Running a simple connector has two parts. First, we run the Kafka Connect infrastructure itself. Then we will configure and instantiate a particular connector as a task within the infrastructure.
Note:
Strimzi, the implementation of Kafka on Kubernetes, includes an operator that takes care of configuring Kafka Connect in a cluster. Administering such an installation is likely to be completely different from the method I describe here, although the internal operation of Connect is similar.
1. Install a single-node Kafka
If you've installed Kafka already, you can skip this step, of course. However, I'm assuming a single-node installation; additional steps are needed to run Kafka Connect in a clustered mode, which I won't be describing here.
Note:
In this article I assume you're running Kafka on Linux; the exact flavour of Linux is not important.
Note:
I tested these instructions on Kafka 3.5, available fromhttps://kafka.apache.org/downloads
, and also on the Red Hat version, AMQ Streams For RHEL, version 2.5
Unpack the Kafka distribution into a convenient directory, e.g., /opt/kafka
.
The following assumes you're using that directory. All the commands shown
below assume that the Kafka installation directory is the working
directory.
In this example, I am deliberately using a completely stock configuration
for running Kafka. It should not be necessary to make any configuration
changes except, perhaps, one:
in some installations, you might need to add the Kafka libs/
directory,
which contains the connector JARs, to the
Kafka Connect plug-in directory list.
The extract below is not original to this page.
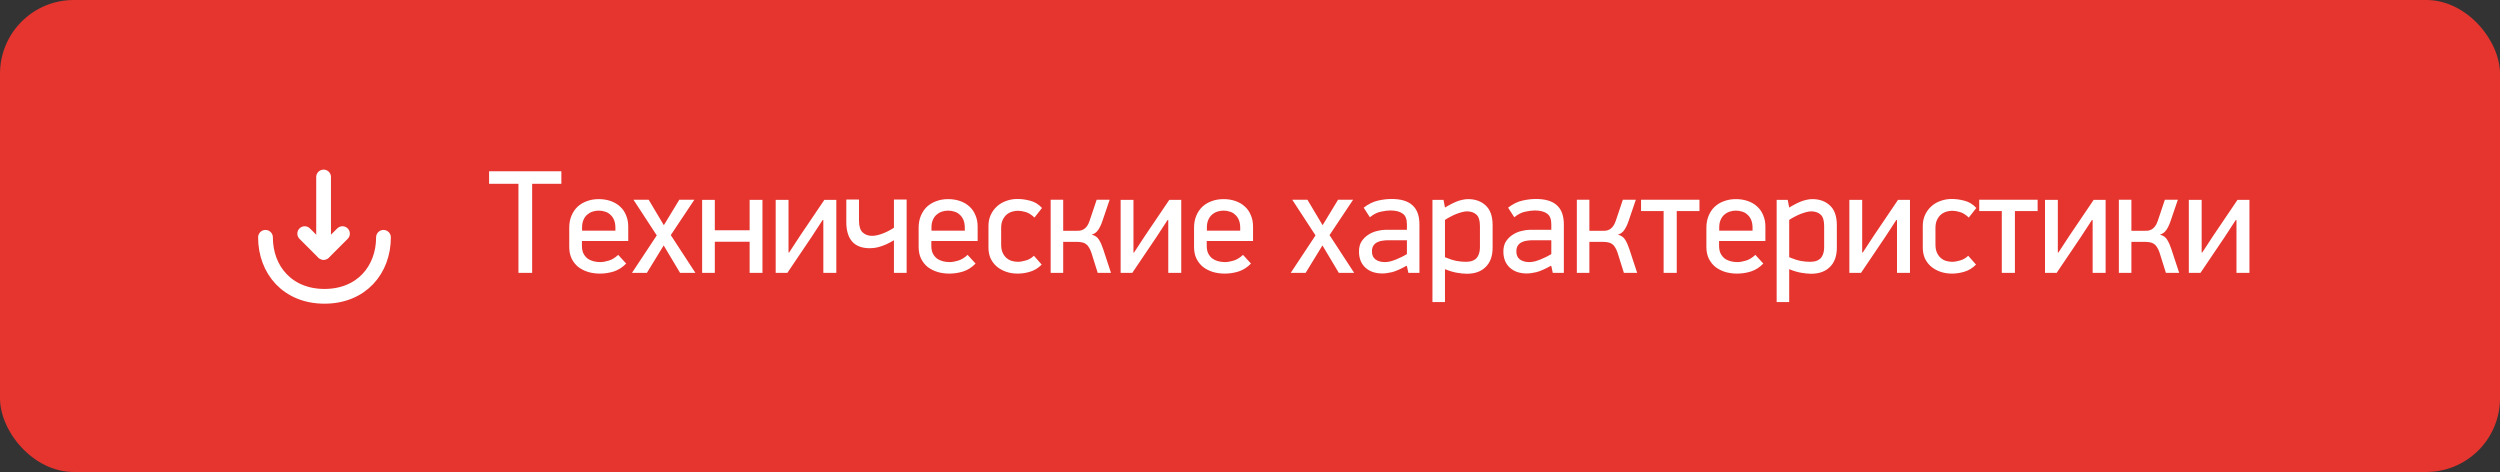 <?xml version="1.0" encoding="UTF-8"?> <svg xmlns="http://www.w3.org/2000/svg" width="339" height="64" viewBox="0 0 339 64" fill="none"><rect x="0" y="0" width="339" height="64" fill="#333333" stroke="none"/> <rect width="339" height="64" rx="10" fill="#E6352F"></rect> <path d="M41.32 31.68L43.88 34.24L46.44 31.68" stroke="white" stroke-width="2" stroke-miterlimit="10" stroke-linecap="round" stroke-linejoin="round"></path> <path d="M43.88 24V34.17" stroke="white" stroke-width="2" stroke-miterlimit="10" stroke-linecap="round" stroke-linejoin="round"></path> <path d="M52 32.18C52 36.6 49 40.18 44 40.18C39 40.18 36 36.6 36 32.18" stroke="white" stroke-width="2" stroke-miterlimit="10" stroke-linecap="round" stroke-linejoin="round"></path> <path d="M72.16 24.92V37H70.3V24.92H66.32V23.22H76.12V24.92H72.16ZM78.909 32.68V33.34C78.909 33.74 78.976 34.08 79.109 34.36C79.243 34.627 79.423 34.853 79.649 35.04C79.889 35.213 80.156 35.34 80.449 35.42C80.756 35.5 81.069 35.54 81.389 35.54C81.723 35.54 82.109 35.473 82.549 35.34C82.989 35.207 83.416 34.947 83.829 34.56L84.909 35.74C84.403 36.26 83.836 36.62 83.209 36.82C82.596 37.007 81.976 37.1 81.349 37.1C80.789 37.1 80.256 37.027 79.749 36.88C79.243 36.72 78.796 36.493 78.409 36.2C78.036 35.893 77.736 35.513 77.509 35.06C77.296 34.607 77.189 34.08 77.189 33.48V30.86C77.189 30.273 77.289 29.74 77.489 29.26C77.689 28.78 77.963 28.373 78.309 28.04C78.669 27.707 79.089 27.453 79.569 27.28C80.063 27.093 80.603 27 81.189 27C81.776 27 82.316 27.087 82.809 27.26C83.303 27.433 83.723 27.68 84.069 28C84.429 28.32 84.703 28.713 84.889 29.18C85.089 29.633 85.189 30.147 85.189 30.72V32.68H78.909ZM83.449 30.9C83.449 30.487 83.389 30.133 83.269 29.84C83.149 29.547 82.983 29.307 82.769 29.12C82.569 28.92 82.329 28.78 82.049 28.7C81.783 28.607 81.496 28.56 81.189 28.56C80.883 28.56 80.596 28.607 80.329 28.7C80.063 28.793 79.823 28.933 79.609 29.12C79.396 29.307 79.229 29.547 79.109 29.84C78.989 30.12 78.929 30.453 78.929 30.84V31.28H83.449V30.9ZM92.217 37L89.997 33.28L87.717 37H85.697L89.057 31.92L85.897 27.08H87.957L90.017 30.54L92.117 27.08H94.157L90.957 31.88L94.297 37H92.217ZM101.649 37V32.78H96.929V37H95.209V27.1H96.929V31.22H101.649V27.1H103.389V37H101.649ZM107.004 34.24L108.484 31.98L111.784 27.1H113.404V37H111.644V29.84H111.544L110.044 32.14L106.764 37H105.184V27.1H106.924V34.24H107.004ZM117.959 33.66C116.879 33.66 116.073 33.353 115.539 32.74C115.019 32.127 114.759 31.253 114.759 30.12V27.06H116.479V29.9C116.479 30.673 116.646 31.213 116.979 31.52C117.313 31.827 117.733 31.98 118.239 31.98C118.653 31.98 119.126 31.88 119.659 31.68C120.193 31.48 120.713 31.213 121.219 30.88V27.06H122.939V37H121.219V32.58C120.833 32.807 120.479 32.993 120.159 33.14C119.839 33.273 119.546 33.38 119.279 33.46C119.013 33.54 118.766 33.593 118.539 33.62C118.326 33.647 118.133 33.66 117.959 33.66ZM126.288 32.68V33.34C126.288 33.74 126.355 34.08 126.488 34.36C126.621 34.627 126.801 34.853 127.028 35.04C127.268 35.213 127.535 35.34 127.828 35.42C128.135 35.5 128.448 35.54 128.768 35.54C129.101 35.54 129.488 35.473 129.928 35.34C130.368 35.207 130.795 34.947 131.208 34.56L132.288 35.74C131.781 36.26 131.215 36.62 130.588 36.82C129.975 37.007 129.355 37.1 128.728 37.1C128.168 37.1 127.635 37.027 127.128 36.88C126.621 36.72 126.175 36.493 125.788 36.2C125.415 35.893 125.115 35.513 124.888 35.06C124.675 34.607 124.568 34.08 124.568 33.48V30.86C124.568 30.273 124.668 29.74 124.868 29.26C125.068 28.78 125.341 28.373 125.688 28.04C126.048 27.707 126.468 27.453 126.948 27.28C127.441 27.093 127.981 27 128.568 27C129.155 27 129.695 27.087 130.188 27.26C130.681 27.433 131.101 27.68 131.448 28C131.808 28.32 132.081 28.713 132.268 29.18C132.468 29.633 132.568 30.147 132.568 30.72V32.68H126.288ZM130.828 30.9C130.828 30.487 130.768 30.133 130.648 29.84C130.528 29.547 130.361 29.307 130.148 29.12C129.948 28.92 129.708 28.78 129.428 28.7C129.161 28.607 128.875 28.56 128.568 28.56C128.261 28.56 127.975 28.607 127.708 28.7C127.441 28.793 127.201 28.933 126.988 29.12C126.775 29.307 126.608 29.547 126.488 29.84C126.368 30.12 126.308 30.453 126.308 30.84V31.28H130.828V30.9ZM137.956 26.98C138.529 26.98 139.109 27.06 139.696 27.22C140.296 27.367 140.829 27.693 141.296 28.2L140.276 29.5C139.836 29.087 139.423 28.833 139.036 28.74C138.663 28.633 138.329 28.58 138.036 28.58C137.783 28.58 137.516 28.62 137.236 28.7C136.969 28.78 136.723 28.913 136.496 29.1C136.283 29.287 136.103 29.533 135.956 29.84C135.823 30.133 135.756 30.493 135.756 30.92V33.16C135.756 33.587 135.823 33.953 135.956 34.26C136.089 34.553 136.263 34.793 136.476 34.98C136.689 35.167 136.929 35.3 137.196 35.38C137.476 35.46 137.756 35.5 138.036 35.5C138.329 35.5 138.683 35.44 139.096 35.32C139.523 35.2 139.889 34.987 140.196 34.68L141.256 35.88C140.789 36.347 140.269 36.667 139.696 36.84C139.136 37.013 138.569 37.1 137.996 37.1C137.409 37.1 136.876 37.013 136.396 36.84C135.916 36.667 135.496 36.427 135.136 36.12C134.789 35.813 134.516 35.447 134.316 35.02C134.129 34.58 134.036 34.1 134.036 33.58V30.64C134.036 30.08 134.143 29.573 134.356 29.12C134.569 28.667 134.856 28.28 135.216 27.96C135.576 27.64 135.989 27.4 136.456 27.24C136.936 27.067 137.436 26.98 137.956 26.98ZM142.47 37V27.08H144.17V31.3H145.85C146.037 31.3 146.224 31.293 146.41 31.28C146.597 31.253 146.77 31.193 146.93 31.1C147.09 31.007 147.237 30.873 147.37 30.7C147.517 30.513 147.644 30.26 147.75 29.94L148.71 27.08H150.47L149.49 29.96C149.33 30.44 149.137 30.847 148.91 31.18C148.697 31.5 148.404 31.713 148.03 31.82C148.484 31.927 148.817 32.16 149.03 32.52C149.244 32.867 149.43 33.287 149.59 33.78L150.65 37H148.85L147.99 34.26C147.884 33.94 147.764 33.687 147.63 33.5C147.51 33.3 147.37 33.153 147.21 33.06C147.05 32.953 146.877 32.887 146.69 32.86C146.504 32.82 146.297 32.8 146.07 32.8H144.17V37H142.47ZM153.778 34.24L155.258 31.98L158.558 27.1H160.178V37H158.418V29.84H158.318L156.818 32.14L153.538 37H151.958V27.1H153.698V34.24H153.778ZM163.633 32.68V33.34C163.633 33.74 163.699 34.08 163.833 34.36C163.966 34.627 164.146 34.853 164.373 35.04C164.613 35.213 164.879 35.34 165.173 35.42C165.479 35.5 165.793 35.54 166.113 35.54C166.446 35.54 166.833 35.473 167.273 35.34C167.713 35.207 168.139 34.947 168.553 34.56L169.633 35.74C169.126 36.26 168.559 36.62 167.933 36.82C167.319 37.007 166.699 37.1 166.073 37.1C165.513 37.1 164.979 37.027 164.473 36.88C163.966 36.72 163.519 36.493 163.133 36.2C162.759 35.893 162.459 35.513 162.233 35.06C162.019 34.607 161.913 34.08 161.913 33.48V30.86C161.913 30.273 162.013 29.74 162.213 29.26C162.413 28.78 162.686 28.373 163.033 28.04C163.393 27.707 163.813 27.453 164.293 27.28C164.786 27.093 165.326 27 165.913 27C166.499 27 167.039 27.087 167.533 27.26C168.026 27.433 168.446 27.68 168.793 28C169.153 28.32 169.426 28.713 169.613 29.18C169.813 29.633 169.913 30.147 169.913 30.72V32.68H163.633ZM168.173 30.9C168.173 30.487 168.113 30.133 167.993 29.84C167.873 29.547 167.706 29.307 167.493 29.12C167.293 28.92 167.053 28.78 166.773 28.7C166.506 28.607 166.219 28.56 165.913 28.56C165.606 28.56 165.319 28.607 165.053 28.7C164.786 28.793 164.546 28.933 164.333 29.12C164.119 29.307 163.953 29.547 163.833 29.84C163.713 30.12 163.653 30.453 163.653 30.84V31.28H168.173V30.9ZM181.545 37L179.325 33.28L177.045 37H175.025L178.385 31.92L175.225 27.08H177.285L179.345 30.54L181.445 27.08H183.485L180.285 31.88L183.625 37H181.545ZM190.717 36.04C189.931 36.48 189.284 36.767 188.777 36.9C188.284 37.02 187.837 37.08 187.437 37.08C186.477 37.08 185.711 36.813 185.137 36.28C184.564 35.747 184.277 35.02 184.277 34.1C184.277 33.553 184.397 33.093 184.637 32.72C184.891 32.347 185.197 32.047 185.557 31.82C185.931 31.58 186.324 31.413 186.737 31.32C187.164 31.213 187.544 31.16 187.877 31.16H190.777V30.4C190.777 29.707 190.584 29.227 190.197 28.96C189.811 28.68 189.257 28.54 188.537 28.54C188.191 28.54 187.764 28.593 187.257 28.7C186.764 28.793 186.264 29.047 185.757 29.46L184.917 28.16C185.557 27.667 186.204 27.347 186.857 27.2C187.511 27.053 188.117 26.98 188.677 26.98C189.971 26.98 190.924 27.267 191.537 27.84C192.164 28.4 192.477 29.267 192.477 30.44V37H190.977L190.777 36.08L190.717 36.04ZM190.777 32.58H188.157C187.944 32.58 187.711 32.6 187.457 32.64C187.217 32.667 186.991 32.733 186.777 32.84C186.564 32.933 186.384 33.087 186.237 33.3C186.104 33.5 186.037 33.767 186.037 34.1C186.037 34.58 186.197 34.94 186.517 35.18C186.851 35.42 187.271 35.54 187.777 35.54C188.031 35.54 188.291 35.507 188.557 35.44C188.837 35.36 189.104 35.267 189.357 35.16C189.624 35.053 189.877 34.94 190.117 34.82C190.357 34.687 190.577 34.567 190.777 34.46V32.58ZM195.739 27.1L195.939 28.14C196.726 27.673 197.352 27.367 197.819 27.22C198.299 27.073 198.719 27 199.079 27C200.052 27 200.846 27.287 201.459 27.86C202.086 28.433 202.399 29.327 202.399 30.54V33.58C202.399 34.713 202.086 35.587 201.459 36.2C200.846 36.813 199.999 37.12 198.919 37.12C198.559 37.12 198.139 37.08 197.659 37C197.179 36.933 196.606 36.767 195.939 36.5V40.96H194.239V27.1H195.739ZM195.939 34.88C196.552 35.133 197.072 35.3 197.499 35.38C197.926 35.46 198.346 35.5 198.759 35.5C199.026 35.5 199.272 35.473 199.499 35.42C199.739 35.353 199.946 35.247 200.119 35.1C200.292 34.94 200.426 34.733 200.519 34.48C200.626 34.213 200.679 33.887 200.679 33.5V30.66C200.679 29.9 200.519 29.38 200.199 29.1C199.879 28.807 199.452 28.66 198.919 28.66C198.732 28.66 198.512 28.693 198.259 28.76C198.006 28.827 197.739 28.913 197.459 29.02C197.192 29.127 196.926 29.253 196.659 29.4C196.392 29.533 196.152 29.673 195.939 29.82V34.88ZM210.298 36.04C209.511 36.48 208.864 36.767 208.358 36.9C207.864 37.02 207.418 37.08 207.018 37.08C206.058 37.08 205.291 36.813 204.718 36.28C204.144 35.747 203.858 35.02 203.858 34.1C203.858 33.553 203.978 33.093 204.218 32.72C204.471 32.347 204.778 32.047 205.138 31.82C205.511 31.58 205.904 31.413 206.318 31.32C206.744 31.213 207.124 31.16 207.458 31.16H210.358V30.4C210.358 29.707 210.164 29.227 209.778 28.96C209.391 28.68 208.838 28.54 208.118 28.54C207.771 28.54 207.344 28.593 206.838 28.7C206.344 28.793 205.844 29.047 205.338 29.46L204.498 28.16C205.138 27.667 205.784 27.347 206.438 27.2C207.091 27.053 207.698 26.98 208.258 26.98C209.551 26.98 210.504 27.267 211.118 27.84C211.744 28.4 212.058 29.267 212.058 30.44V37H210.558L210.358 36.08L210.298 36.04ZM210.358 32.58H207.738C207.524 32.58 207.291 32.6 207.038 32.64C206.798 32.667 206.571 32.733 206.358 32.84C206.144 32.933 205.964 33.087 205.818 33.3C205.684 33.5 205.618 33.767 205.618 34.1C205.618 34.58 205.778 34.94 206.098 35.18C206.431 35.42 206.851 35.54 207.358 35.54C207.611 35.54 207.871 35.507 208.138 35.44C208.418 35.36 208.684 35.267 208.938 35.16C209.204 35.053 209.458 34.94 209.698 34.82C209.938 34.687 210.158 34.567 210.358 34.46V32.58ZM213.82 37V27.08H215.52V31.3H217.2C217.386 31.3 217.573 31.293 217.76 31.28C217.946 31.253 218.12 31.193 218.28 31.1C218.44 31.007 218.586 30.873 218.72 30.7C218.866 30.513 218.993 30.26 219.1 29.94L220.06 27.08H221.82L220.84 29.96C220.68 30.44 220.486 30.847 220.26 31.18C220.046 31.5 219.753 31.713 219.38 31.82C219.833 31.927 220.166 32.16 220.38 32.52C220.593 32.867 220.78 33.287 220.94 33.78L222 37H220.2L219.34 34.26C219.233 33.94 219.113 33.687 218.98 33.5C218.86 33.3 218.72 33.153 218.56 33.06C218.4 32.953 218.226 32.887 218.04 32.86C217.853 32.82 217.646 32.8 217.42 32.8H215.52V37H213.82ZM227.367 28.62V37H225.587V28.62H222.527V27.08H230.447V28.62H227.367ZM233.107 32.68V33.34C233.107 33.74 233.174 34.08 233.307 34.36C233.44 34.627 233.62 34.853 233.847 35.04C234.087 35.213 234.354 35.34 234.647 35.42C234.954 35.5 235.267 35.54 235.587 35.54C235.92 35.54 236.307 35.473 236.747 35.34C237.187 35.207 237.614 34.947 238.027 34.56L239.107 35.74C238.6 36.26 238.034 36.62 237.407 36.82C236.794 37.007 236.174 37.1 235.547 37.1C234.987 37.1 234.454 37.027 233.947 36.88C233.44 36.72 232.994 36.493 232.607 36.2C232.234 35.893 231.934 35.513 231.707 35.06C231.494 34.607 231.387 34.08 231.387 33.48V30.86C231.387 30.273 231.487 29.74 231.687 29.26C231.887 28.78 232.16 28.373 232.507 28.04C232.867 27.707 233.287 27.453 233.767 27.28C234.26 27.093 234.8 27 235.387 27C235.974 27 236.514 27.087 237.007 27.26C237.5 27.433 237.92 27.68 238.267 28C238.627 28.32 238.9 28.713 239.087 29.18C239.287 29.633 239.387 30.147 239.387 30.72V32.68H233.107ZM237.647 30.9C237.647 30.487 237.587 30.133 237.467 29.84C237.347 29.547 237.18 29.307 236.967 29.12C236.767 28.92 236.527 28.78 236.247 28.7C235.98 28.607 235.694 28.56 235.387 28.56C235.08 28.56 234.794 28.607 234.527 28.7C234.26 28.793 234.02 28.933 233.807 29.12C233.594 29.307 233.427 29.547 233.307 29.84C233.187 30.12 233.127 30.453 233.127 30.84V31.28H237.647V30.9ZM242.415 27.1L242.615 28.14C243.402 27.673 244.028 27.367 244.495 27.22C244.975 27.073 245.395 27 245.755 27C246.728 27 247.522 27.287 248.135 27.86C248.762 28.433 249.075 29.327 249.075 30.54V33.58C249.075 34.713 248.762 35.587 248.135 36.2C247.522 36.813 246.675 37.12 245.595 37.12C245.235 37.12 244.815 37.08 244.335 37C243.855 36.933 243.282 36.767 242.615 36.5V40.96H240.915V27.1H242.415ZM242.615 34.88C243.228 35.133 243.748 35.3 244.175 35.38C244.602 35.46 245.022 35.5 245.435 35.5C245.702 35.5 245.948 35.473 246.175 35.42C246.415 35.353 246.622 35.247 246.795 35.1C246.968 34.94 247.102 34.733 247.195 34.48C247.302 34.213 247.355 33.887 247.355 33.5V30.66C247.355 29.9 247.195 29.38 246.875 29.1C246.555 28.807 246.128 28.66 245.595 28.66C245.408 28.66 245.188 28.693 244.935 28.76C244.682 28.827 244.415 28.913 244.135 29.02C243.868 29.127 243.602 29.253 243.335 29.4C243.068 29.533 242.828 29.673 242.615 29.82V34.88ZM252.593 34.24L254.073 31.98L257.373 27.1H258.993V37H257.233V29.84H257.133L255.633 32.14L252.353 37H250.773V27.1H252.513V34.24H252.593ZM264.648 26.98C265.222 26.98 265.802 27.06 266.388 27.22C266.988 27.367 267.522 27.693 267.988 28.2L266.968 29.5C266.528 29.087 266.115 28.833 265.728 28.74C265.355 28.633 265.022 28.58 264.728 28.58C264.475 28.58 264.208 28.62 263.928 28.7C263.662 28.78 263.415 28.913 263.188 29.1C262.975 29.287 262.795 29.533 262.648 29.84C262.515 30.133 262.448 30.493 262.448 30.92V33.16C262.448 33.587 262.515 33.953 262.648 34.26C262.782 34.553 262.955 34.793 263.168 34.98C263.382 35.167 263.622 35.3 263.888 35.38C264.168 35.46 264.448 35.5 264.728 35.5C265.022 35.5 265.375 35.44 265.788 35.32C266.215 35.2 266.582 34.987 266.888 34.68L267.948 35.88C267.482 36.347 266.962 36.667 266.388 36.84C265.828 37.013 265.262 37.1 264.688 37.1C264.102 37.1 263.568 37.013 263.088 36.84C262.608 36.667 262.188 36.427 261.828 36.12C261.482 35.813 261.208 35.447 261.008 35.02C260.822 34.58 260.728 34.1 260.728 33.58V30.64C260.728 30.08 260.835 29.573 261.048 29.12C261.262 28.667 261.548 28.28 261.908 27.96C262.268 27.64 262.682 27.4 263.148 27.24C263.628 27.067 264.128 26.98 264.648 26.98ZM273.223 28.62V37H271.443V28.62H268.383V27.08H276.303V28.62H273.223ZM279.122 34.24L280.602 31.98L283.902 27.1H285.522V37H283.762V29.84H283.662L282.162 32.14L278.882 37H277.302V27.1H279.042V34.24H279.122ZM287.317 37V27.08H289.017V31.3H290.697C290.884 31.3 291.071 31.293 291.257 31.28C291.444 31.253 291.617 31.193 291.777 31.1C291.937 31.007 292.084 30.873 292.217 30.7C292.364 30.513 292.491 30.26 292.597 29.94L293.557 27.08H295.317L294.337 29.96C294.177 30.44 293.984 30.847 293.757 31.18C293.544 31.5 293.251 31.713 292.877 31.82C293.331 31.927 293.664 32.16 293.877 32.52C294.091 32.867 294.277 33.287 294.437 33.78L295.497 37H293.697L292.837 34.26C292.731 33.94 292.611 33.687 292.477 33.5C292.357 33.3 292.217 33.153 292.057 33.06C291.897 32.953 291.724 32.887 291.537 32.86C291.351 32.82 291.144 32.8 290.917 32.8H289.017V37H287.317ZM298.625 34.24L300.105 31.98L303.405 27.1H305.025V37H303.265V29.84H303.165L301.665 32.14L298.385 37H296.805V27.1H298.545V34.24H298.625Z" fill="white"></path> </svg>

For standalone operation,
this configuration is in config/connect-standalone.properties
.
Add/edit the line:
plugin.path=/opt/kafka/libs
If you get error messages about missing classes when you come to instantiate the connector, it is probably this configuration that needs attention.
2. Start Kafka
Note:
By the time you read this, Kafka will probably be able to operate without Apache Zookeeper as a separate configuration store. At the time of writing, however, it's still usual to run Zookeeper.
Start zookeeper
$ ./bin/zookeeper-server-start.sh config/zookeeper.properties
In a separate terminal session, start the Kafka broker:
$ ./bin/kafka-server-start.sh config/server.properties
3. Start Kafka Connect in standalone mode
$ ./bin/connect-standalone.sh ./config/connect-standalone.properties
Even on a single node, it will take a little time for Connect to start,
because it has to search for and inspect the available plug-ins.
connect-standalone.properties
provides overall configuration
for the Connect infrastructure, and defaults for individual plug-ins
that do not override them.
4. Check that Kafka Connect is responding on its REST interface
The REST interface is, by default, on port 8083, and is not encrypted
or authenticated.
For example, to query for installed connectors we can use curl
(or similar) like this:
$ curl localhost:8083/connectors []
This query should return an empty list ('[]') because, so far, we have installed no connectors.
5. Create a JSON file to specify the connector
Create a JSON file compatible with the REST API, for instantiating the
FileStreamSink
connector. Call the file,
for example, my-connector.json
.
{ "connector.class": "org.apache.kafka.connect.file.FileStreamSinkConnector", "tasks.max": "1", "topics": "foo", "file": "/tmp/foo.sink.txt" "errors.tolerance": "all", "value.converter": "org.apache.kafka.connect.storage.StringConverter" }
Note that this configuration reads from topic foo
and
writes to file /tmp/foo.sink.txt
.
The attribute
errors.tolerance
indicates that the connector should
simply skip messages that it cannot process. value.converter
specifies a class to read the message data from the topic into an internal
representation. The default is to use the Kafka Connect infrastructure's
global default, which is set in the configuration file. In a stock installation,
this default is to treat the incoming data as JSON objects. It's simpler,
for testing purposes, just to work with raw text strings.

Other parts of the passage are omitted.